The fact is that, concerning evidentiary hurdles and standards of proof, there is a bona fide mass of evidence that supports evolution by something like natural selection, and literally no evidence that undermines it.

Unanswered questions don't disprove a damn thing. Quantum mechanics and general relativity are both doing fine despite the fact that we have no idea how they fit together.

It occurs to me that I haven't even mentioned the argument that teaching ID in public schools would violate the establishment clause. I guess that's mostly because it bothers me considerably more that the president wants kids to learn something so egregiously unscientific than it does that teaching it to them would be unconstitutional (which it would be).

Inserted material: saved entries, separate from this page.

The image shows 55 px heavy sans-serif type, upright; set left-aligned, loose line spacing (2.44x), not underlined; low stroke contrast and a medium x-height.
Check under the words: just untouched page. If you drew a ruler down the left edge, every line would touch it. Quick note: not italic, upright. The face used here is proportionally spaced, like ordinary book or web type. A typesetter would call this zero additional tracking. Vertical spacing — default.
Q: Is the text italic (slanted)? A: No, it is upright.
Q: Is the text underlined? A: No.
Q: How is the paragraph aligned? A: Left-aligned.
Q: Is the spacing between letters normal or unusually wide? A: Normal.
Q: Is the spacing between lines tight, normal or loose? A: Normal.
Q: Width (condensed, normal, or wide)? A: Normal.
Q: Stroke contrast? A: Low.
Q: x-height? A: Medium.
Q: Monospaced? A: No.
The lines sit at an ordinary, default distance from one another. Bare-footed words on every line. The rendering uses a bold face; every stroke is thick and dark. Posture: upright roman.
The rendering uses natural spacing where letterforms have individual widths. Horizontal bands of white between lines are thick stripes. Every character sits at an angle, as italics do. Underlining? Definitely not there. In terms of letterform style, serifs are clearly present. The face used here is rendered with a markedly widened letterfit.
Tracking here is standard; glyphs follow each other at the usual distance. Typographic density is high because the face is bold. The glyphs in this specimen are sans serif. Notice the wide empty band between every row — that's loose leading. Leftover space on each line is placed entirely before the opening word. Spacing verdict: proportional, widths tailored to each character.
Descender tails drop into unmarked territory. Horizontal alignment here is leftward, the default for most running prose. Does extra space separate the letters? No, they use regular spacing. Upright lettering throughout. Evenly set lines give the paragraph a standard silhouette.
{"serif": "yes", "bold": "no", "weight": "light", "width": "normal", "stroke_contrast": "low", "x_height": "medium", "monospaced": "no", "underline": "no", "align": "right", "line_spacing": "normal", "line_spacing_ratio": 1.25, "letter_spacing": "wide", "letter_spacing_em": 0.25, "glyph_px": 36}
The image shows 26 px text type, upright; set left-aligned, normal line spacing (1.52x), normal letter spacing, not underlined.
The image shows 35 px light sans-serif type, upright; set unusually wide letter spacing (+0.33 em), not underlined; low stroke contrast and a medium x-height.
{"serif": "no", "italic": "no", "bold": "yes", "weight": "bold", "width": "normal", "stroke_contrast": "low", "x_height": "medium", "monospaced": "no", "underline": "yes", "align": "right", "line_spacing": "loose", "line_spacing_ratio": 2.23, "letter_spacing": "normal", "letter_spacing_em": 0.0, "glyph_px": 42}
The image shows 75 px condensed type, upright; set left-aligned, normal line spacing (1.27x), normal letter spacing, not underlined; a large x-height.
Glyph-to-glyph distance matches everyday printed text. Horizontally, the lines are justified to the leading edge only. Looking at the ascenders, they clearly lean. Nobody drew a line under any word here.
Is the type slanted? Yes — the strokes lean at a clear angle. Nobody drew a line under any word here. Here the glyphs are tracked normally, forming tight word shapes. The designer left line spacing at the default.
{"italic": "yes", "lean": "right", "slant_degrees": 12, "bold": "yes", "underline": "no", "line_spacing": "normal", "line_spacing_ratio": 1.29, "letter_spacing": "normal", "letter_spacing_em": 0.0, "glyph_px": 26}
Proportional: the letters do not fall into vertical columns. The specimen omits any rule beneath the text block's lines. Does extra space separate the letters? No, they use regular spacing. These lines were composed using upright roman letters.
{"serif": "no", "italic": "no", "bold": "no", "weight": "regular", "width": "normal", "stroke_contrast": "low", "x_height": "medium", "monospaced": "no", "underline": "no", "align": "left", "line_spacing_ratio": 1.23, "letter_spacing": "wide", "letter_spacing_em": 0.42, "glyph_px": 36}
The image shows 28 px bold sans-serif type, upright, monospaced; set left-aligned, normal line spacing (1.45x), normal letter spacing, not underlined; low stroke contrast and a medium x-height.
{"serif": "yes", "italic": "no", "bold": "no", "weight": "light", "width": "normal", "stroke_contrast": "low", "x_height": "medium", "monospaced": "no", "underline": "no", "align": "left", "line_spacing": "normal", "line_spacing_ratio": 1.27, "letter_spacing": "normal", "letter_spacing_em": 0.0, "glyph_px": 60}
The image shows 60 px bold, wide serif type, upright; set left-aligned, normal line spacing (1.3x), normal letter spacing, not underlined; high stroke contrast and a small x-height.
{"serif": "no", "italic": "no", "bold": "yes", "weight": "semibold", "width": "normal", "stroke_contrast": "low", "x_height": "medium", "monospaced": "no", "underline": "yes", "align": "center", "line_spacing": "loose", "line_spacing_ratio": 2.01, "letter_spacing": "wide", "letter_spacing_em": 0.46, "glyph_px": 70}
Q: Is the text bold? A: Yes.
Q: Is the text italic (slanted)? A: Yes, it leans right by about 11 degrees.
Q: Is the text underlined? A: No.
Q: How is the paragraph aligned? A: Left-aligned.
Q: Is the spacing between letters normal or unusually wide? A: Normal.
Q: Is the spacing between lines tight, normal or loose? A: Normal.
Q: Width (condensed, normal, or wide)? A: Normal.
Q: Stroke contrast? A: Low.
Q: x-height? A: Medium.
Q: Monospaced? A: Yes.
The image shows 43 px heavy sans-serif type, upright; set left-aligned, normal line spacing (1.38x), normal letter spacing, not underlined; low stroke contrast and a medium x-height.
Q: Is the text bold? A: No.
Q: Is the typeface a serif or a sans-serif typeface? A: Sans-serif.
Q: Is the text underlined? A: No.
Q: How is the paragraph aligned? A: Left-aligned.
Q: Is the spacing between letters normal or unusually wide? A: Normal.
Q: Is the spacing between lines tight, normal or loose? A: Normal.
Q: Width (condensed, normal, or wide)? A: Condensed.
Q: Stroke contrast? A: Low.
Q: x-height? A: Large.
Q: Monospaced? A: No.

Obviously this discussion has been going on in some form or another since Darwin's time, but with the occasional exception (i.e. the Scopes trial), it's always on the fringe. By throwing his hat in the ring, Mr. Bush has pulled this subject right into the political mainstream. If it were at all possible to use this opportunity to kill the subject once and for all, I'd welcome the president's intervention. However, I don't see that happening. As such, I can't help but express my deepest disappointment that in addition to making it impossible for chlidren to achieve the already depressingly low educational goals we've set for them, the president now wants to eliminate those goals altogether by claiming that the high watermark of human inquiry was, in fact, created by the Noachian flood.